There’s a thing old car people (like me) call a “slushbox.” It’s the classic American automatic - Powerglides, Dynaflows, TorqueFlites - that Detroit bolted behind its engines from the fifties through the eighties. There’s no solid mechanical link between engine and wheels. The engine spins an impeller, the impeller flings fluid at a turbine, the turbine eventually gets the message and turns the driveshaft. Power arrives. Eventually. With a slosh.
The slosh was a feature, not a bug, in fairness - they were aiming for smoothness. The fluid coupling smoothed the shifts and saved the engine (ever bigger, brute force, glorious V8s…) the abrupt argument a manual clutch has with a gearbox. But you always paid for the comfort in response - foot down, the engine roared (a glorious V8 roar…), and a beat passed before the car remembered what you had asked of it. Detroit sold that as refinement for forty years, up until the Germans and the dual-clutch showed everyone what a transmission felt like when it was actually connected to something, and “slushbox” became the punchline it still is.

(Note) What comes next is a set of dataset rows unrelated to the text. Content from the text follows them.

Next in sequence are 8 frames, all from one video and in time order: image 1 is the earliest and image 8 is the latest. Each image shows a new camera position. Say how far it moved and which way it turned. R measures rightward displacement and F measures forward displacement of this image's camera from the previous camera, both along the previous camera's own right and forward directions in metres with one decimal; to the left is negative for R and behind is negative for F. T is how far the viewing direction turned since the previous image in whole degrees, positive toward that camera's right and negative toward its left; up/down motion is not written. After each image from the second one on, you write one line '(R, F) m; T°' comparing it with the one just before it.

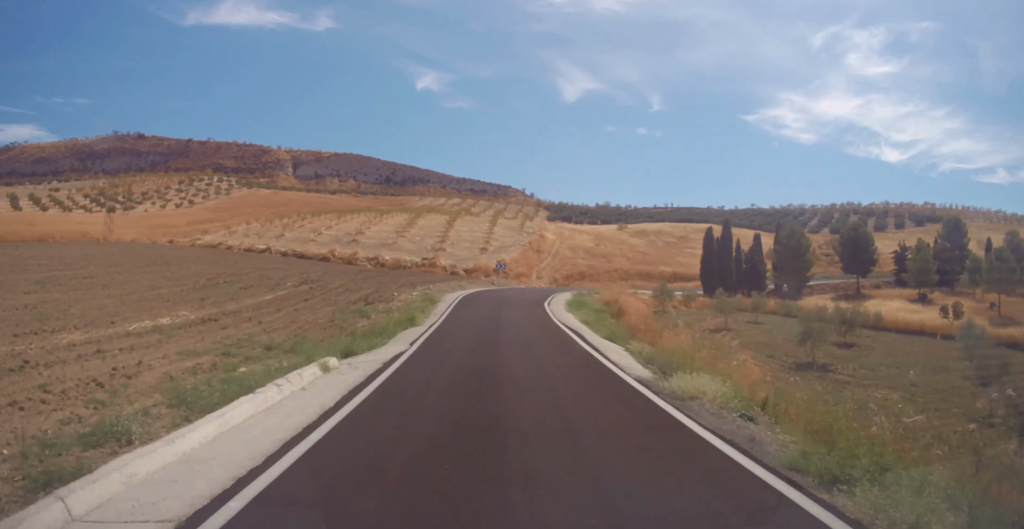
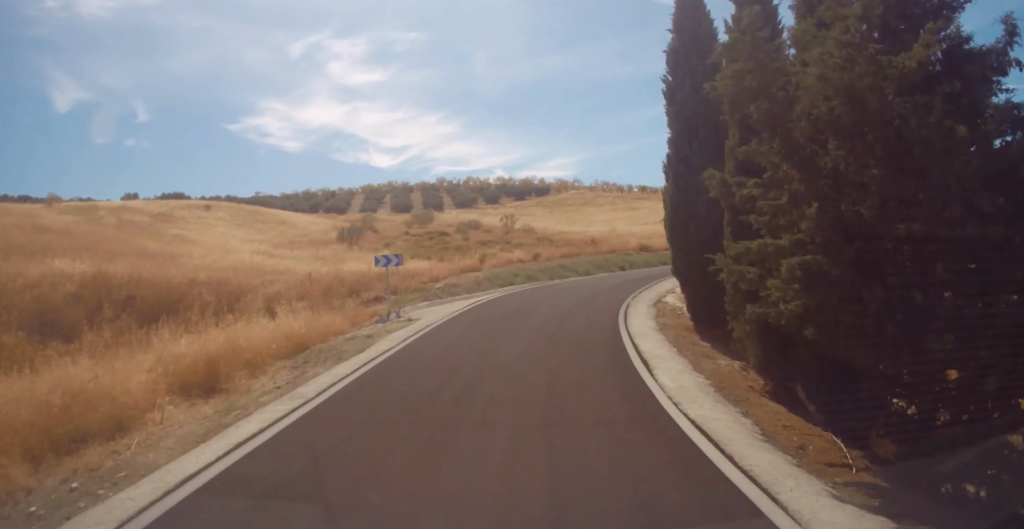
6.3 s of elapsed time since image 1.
(+25.5, +69.4) m; +40°
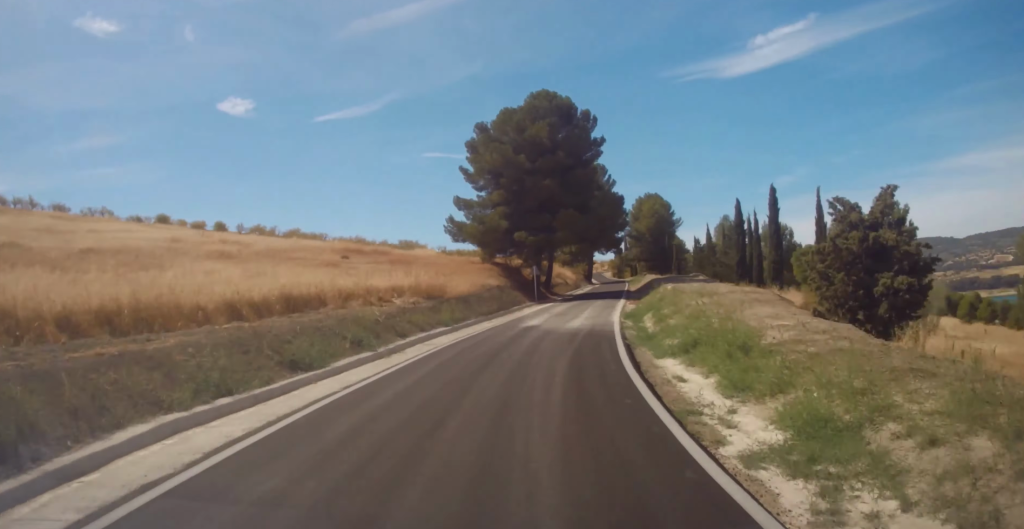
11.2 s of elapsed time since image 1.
(+18.7, +59.2) m; +27°
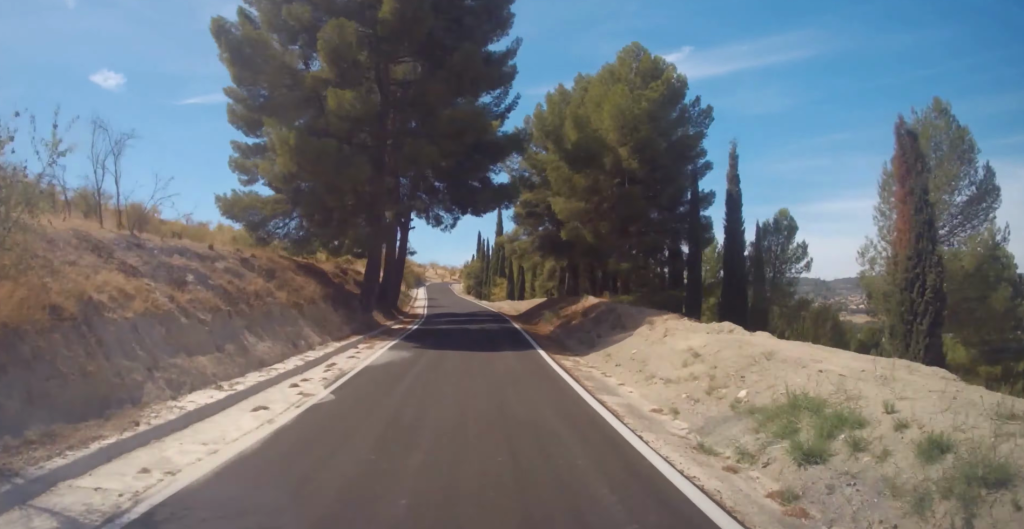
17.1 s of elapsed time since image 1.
(+18.1, +76.3) m; +13°
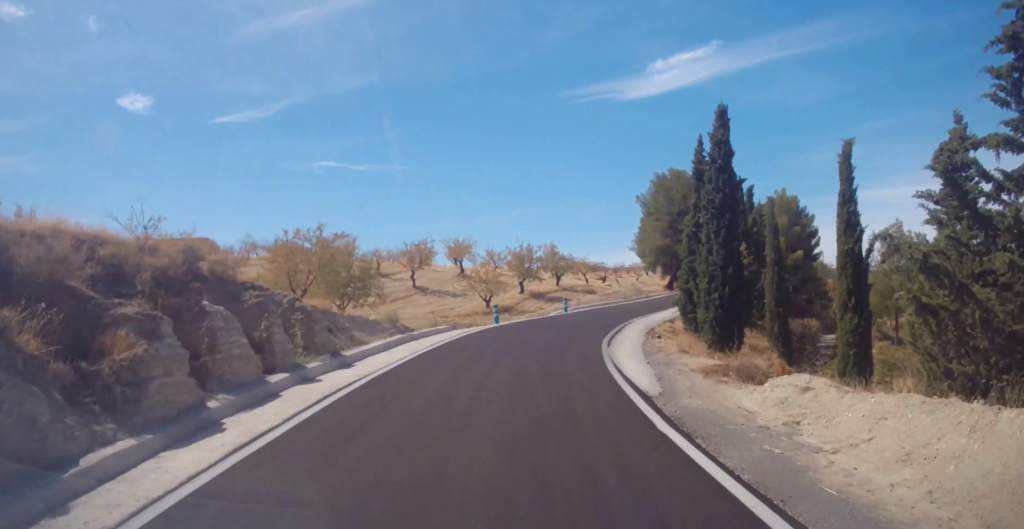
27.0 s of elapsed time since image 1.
(+7.1, +120.6) m; +11°
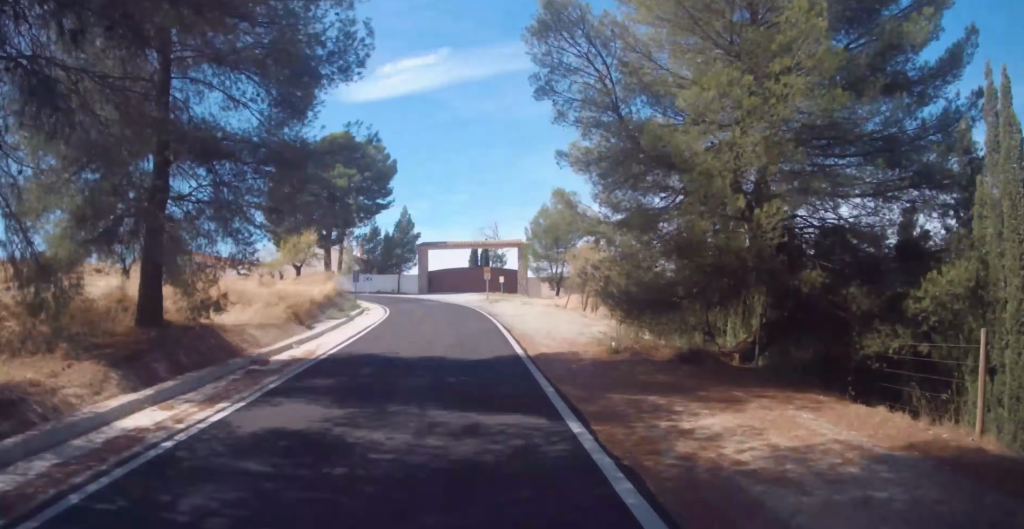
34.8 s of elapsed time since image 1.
(+7.5, +86.4) m; -18°
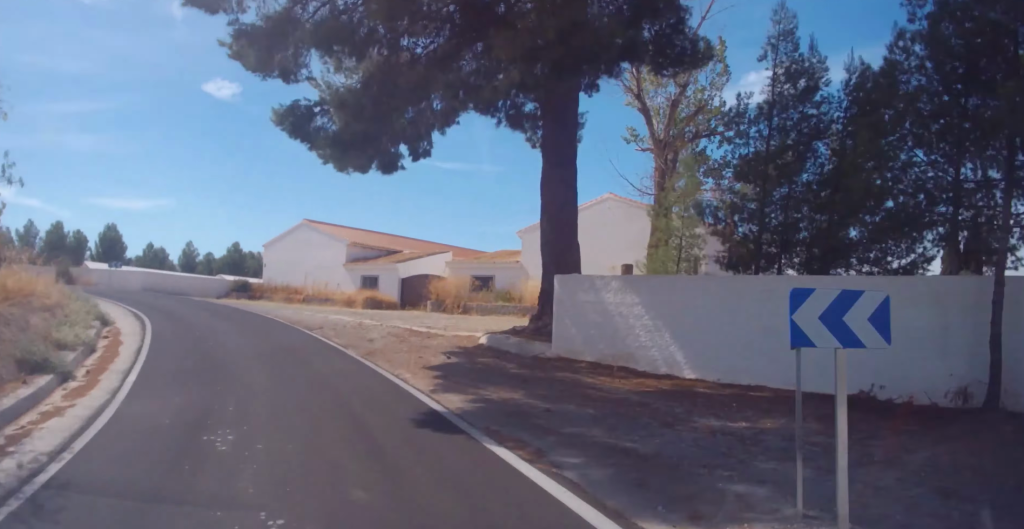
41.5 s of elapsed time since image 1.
(-22.9, +53.4) m; -47°
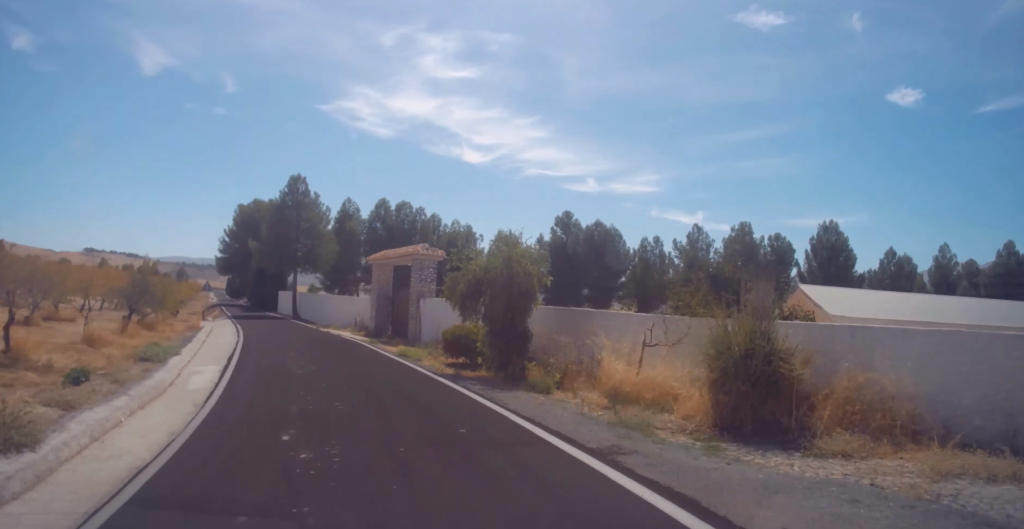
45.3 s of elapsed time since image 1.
(-10.1, +41.1) m; -26°
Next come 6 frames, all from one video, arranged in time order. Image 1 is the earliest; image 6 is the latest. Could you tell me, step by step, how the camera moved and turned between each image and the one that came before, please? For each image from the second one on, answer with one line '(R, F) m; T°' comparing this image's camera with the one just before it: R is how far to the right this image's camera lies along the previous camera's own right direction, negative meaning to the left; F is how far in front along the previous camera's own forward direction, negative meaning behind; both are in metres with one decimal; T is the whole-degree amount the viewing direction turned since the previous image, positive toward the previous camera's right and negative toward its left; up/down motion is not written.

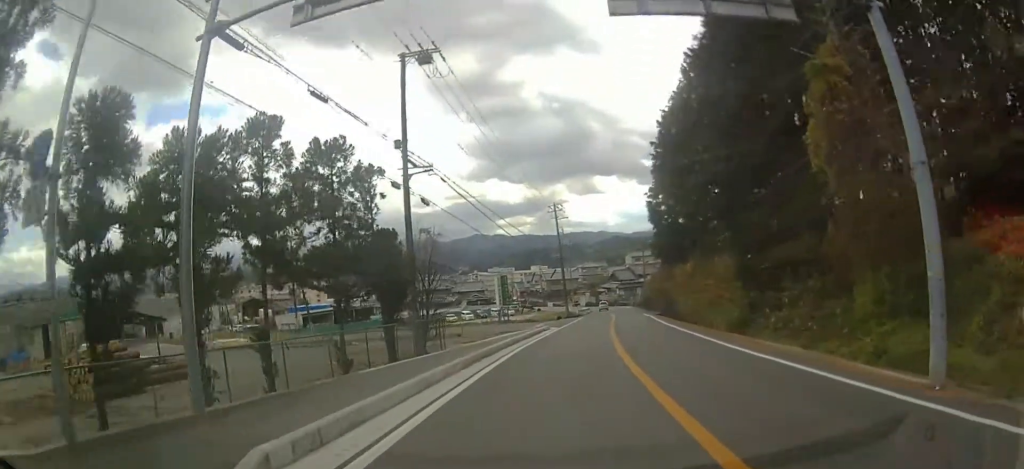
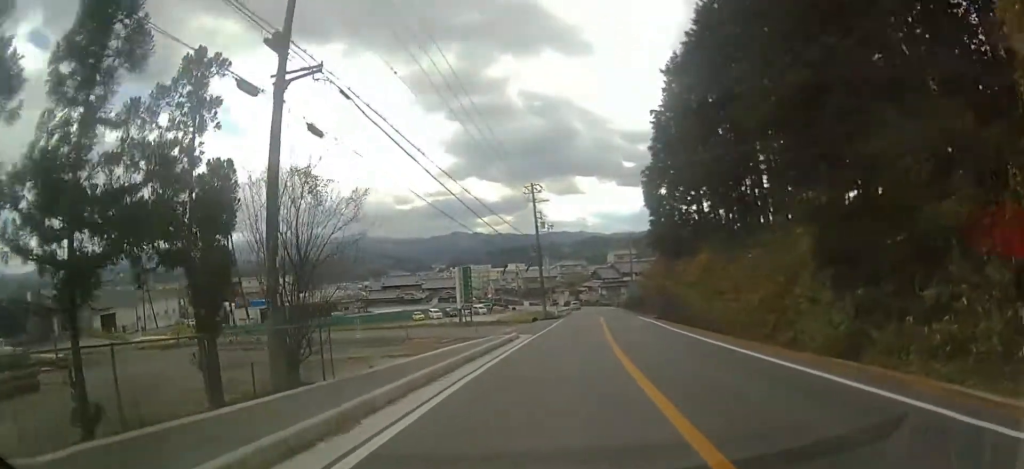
(+0.1, +9.2) m; +2°
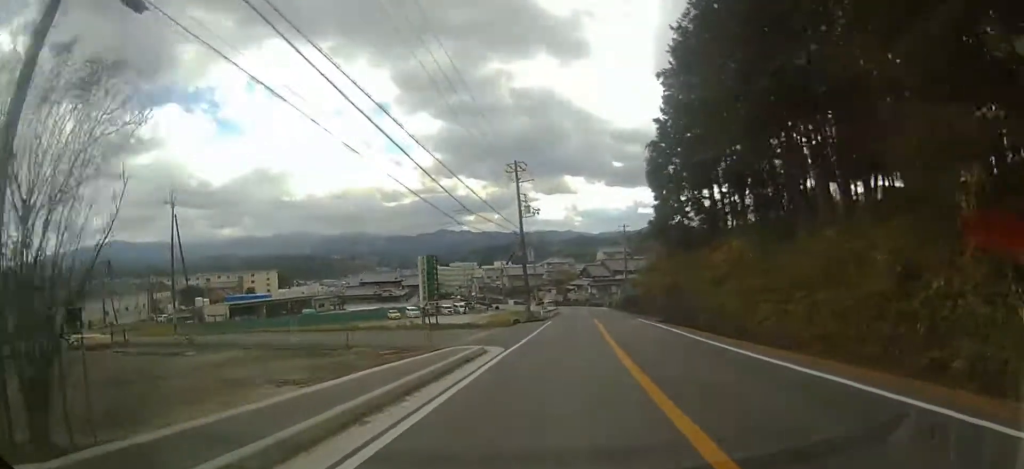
(+0.1, +7.4) m; +1°
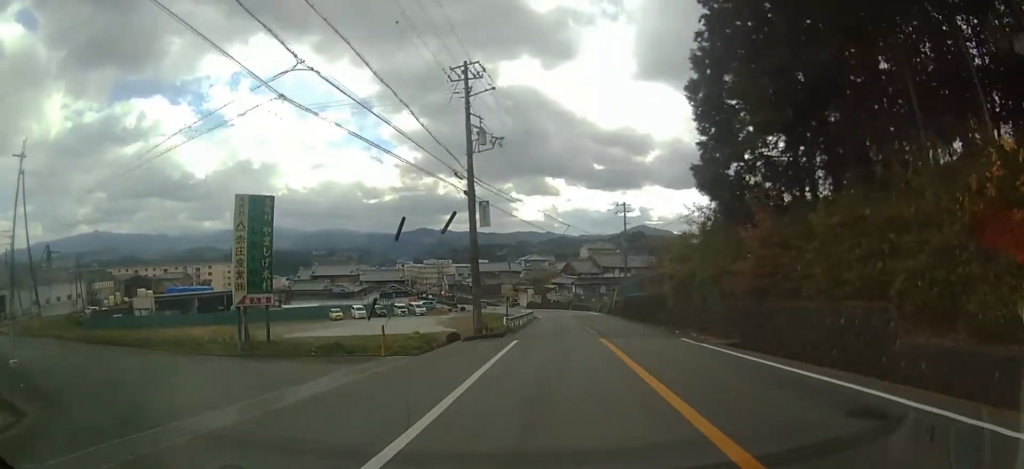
(+0.2, +16.8) m; +2°
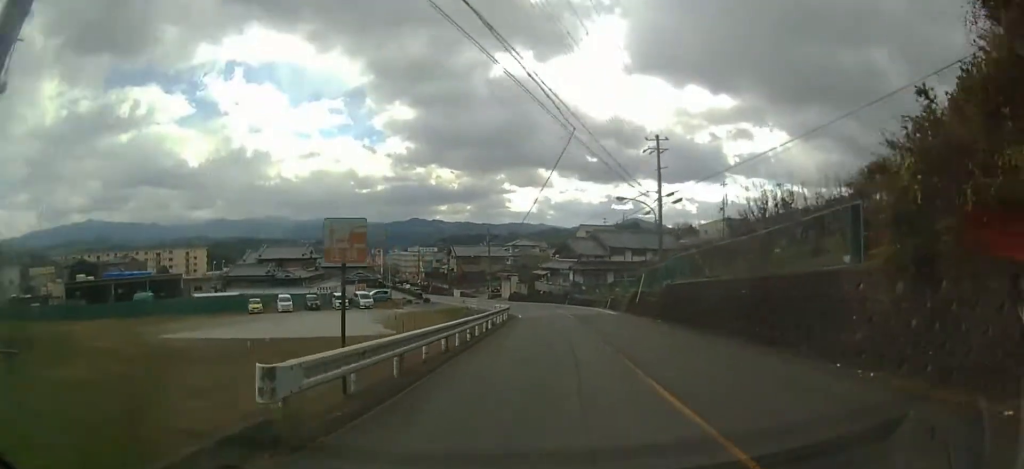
(+1.0, +20.4) m; +4°
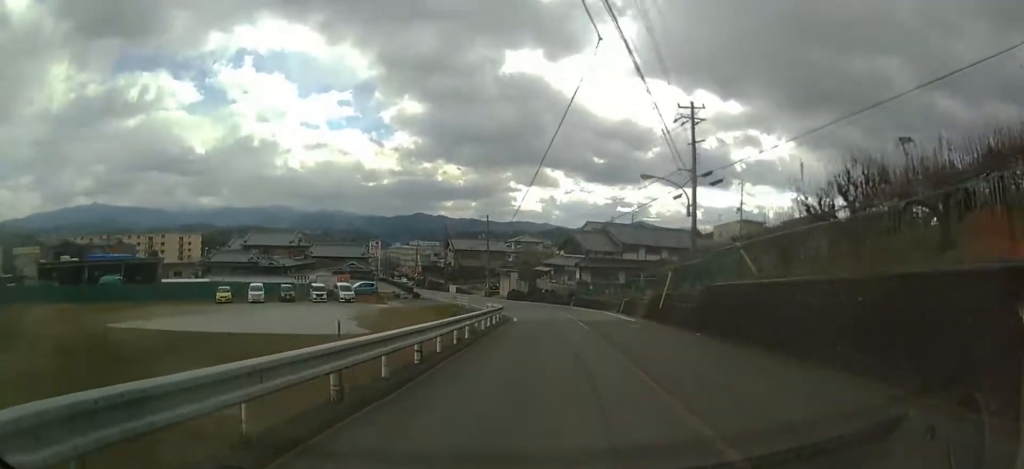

I keep coming back to it, partly because I’m a car guy, but also because pharma has spent the last few years building itself a genuinely excellent engine, and bolting it to a gearbox that would look at home under a 1974 Buick.
The engine - target ID, molecule design, the whole discovery stack - has had a proper couple of car decades. Insilico Medicine took an AI-designed TNIK inhibitor, rentosertib, from idea to Phase IIa data good enough for Nature Medicine in a fraction of the usual time (and by this month it’s into Phase III) - with an inhaled version already cleared by the FDA for its own trial, reportedly the first fully AI-designed molecule to go straight for the lungs. Exscientia was running eleven-month design cycles with a tenth of the usual compound count before most people took the approach seriously; it’s since been folded into Recursion, because it seems that the fastest way to build a bigger engine is to go and buy someone else’s (as with the car industry). AlphaFold handed the industry the shape of nearly every protein worth having. mRNA went from curiosity to platform in eighteen months flat because a pandemic left it no choice. GLP-1s turned a diabetes side-line into a bigger commercial force than PD-1/PD-L1 inhibitors - oncology's own blockbuster class - inside a few short years.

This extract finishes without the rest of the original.